[Records contained in a dataset]
——
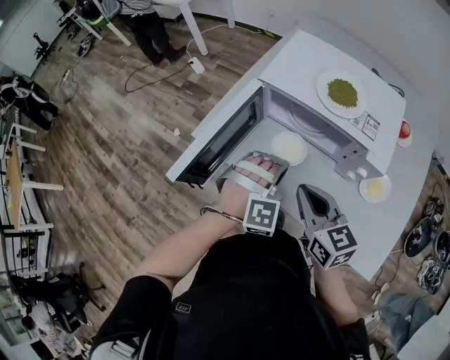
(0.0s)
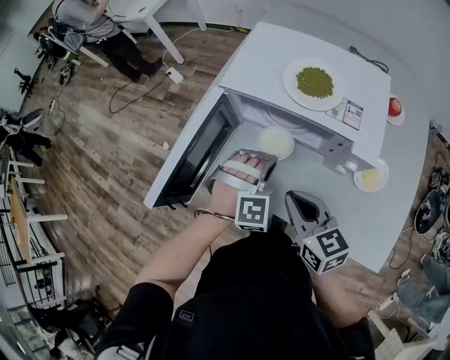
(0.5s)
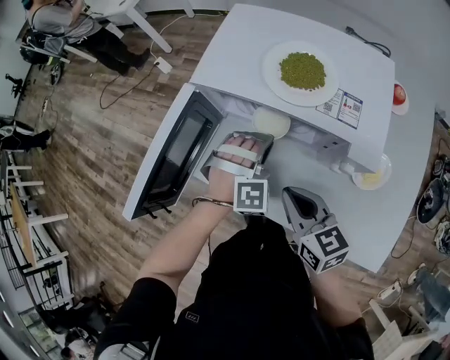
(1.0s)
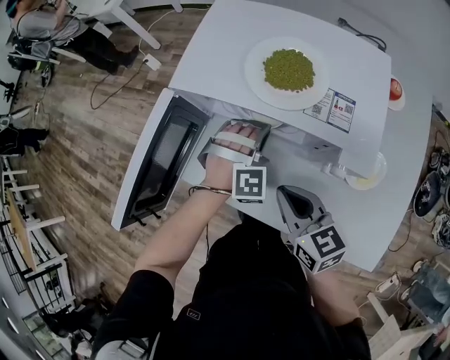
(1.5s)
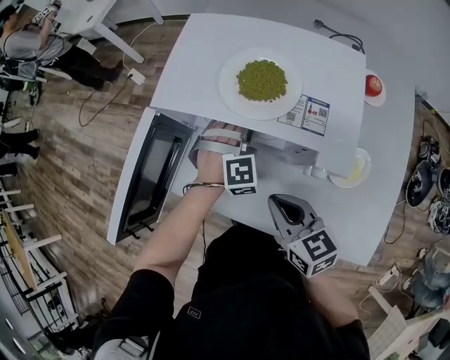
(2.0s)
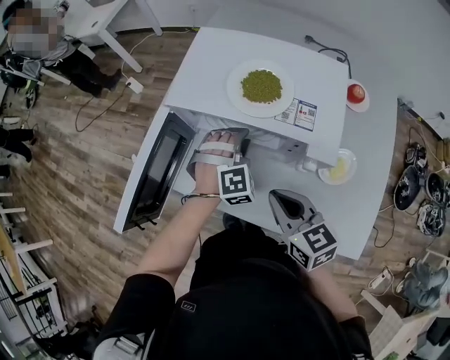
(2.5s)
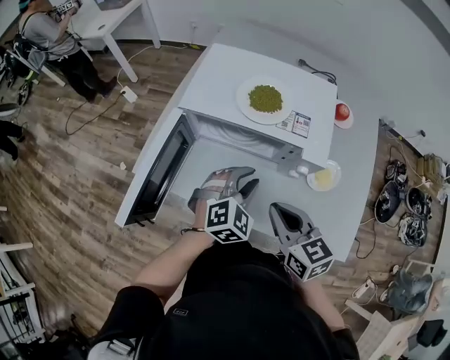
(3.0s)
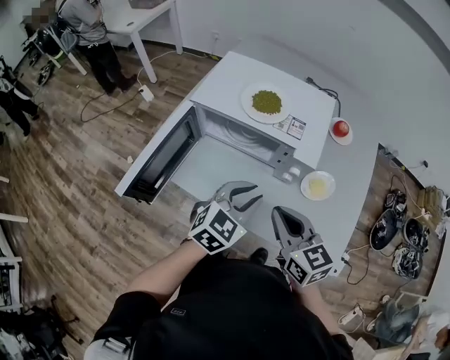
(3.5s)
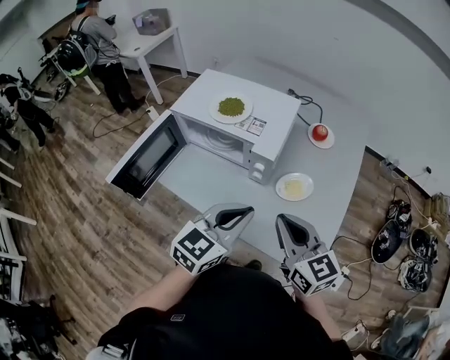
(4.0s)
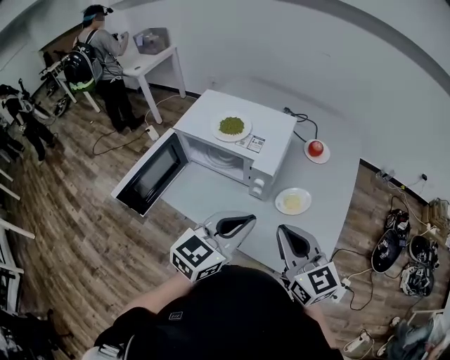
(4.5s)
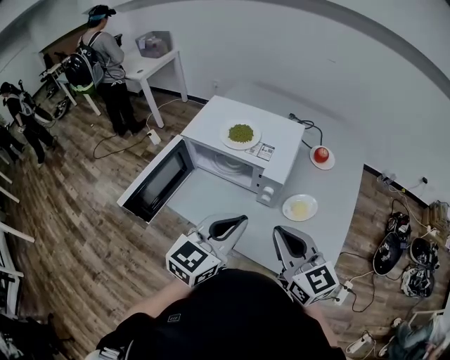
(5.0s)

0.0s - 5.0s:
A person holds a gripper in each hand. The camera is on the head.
0.0s - 2.5s: The left gripper is displaced forward and to the right by some 15 cm. Meanwhile the right gripper moves to the right, some 10 cm.
2.5s - 5.0s: The right gripper moves upward, backward and to the right, roughly 25 cm, and swivels approximately 20 degrees. The left gripper shifts roughly 35 cm backward and upward, twists about 60 degrees counterclockwise, seen from behind, and closes its fingers.
——
=== About this task ===
Once the pictures are removed, repeat all of the data above exactly.

=== Response to this exercise ===
(0.0s)
(0.5s)
(1.0s)
(1.5s)
(2.0s)
(2.5s)
(3.0s)
(3.5s)
(4.0s)
(4.5s)
(5.0s)

0.0s - 5.0s:
A person holds a gripper in each hand. The camera is on the head.
0.0s - 2.5s: The left gripper is displaced forward and to the right by some 15 cm. Meanwhile the right gripper moves to the right, some 10 cm.
2.5s - 5.0s: The right gripper moves upward, backward and to the right, roughly 25 cm, and swivels approximately 20 degrees. The left gripper shifts roughly 35 cm backward and upward, twists about 60 degrees counterclockwise, seen from behind, and closes its fingers.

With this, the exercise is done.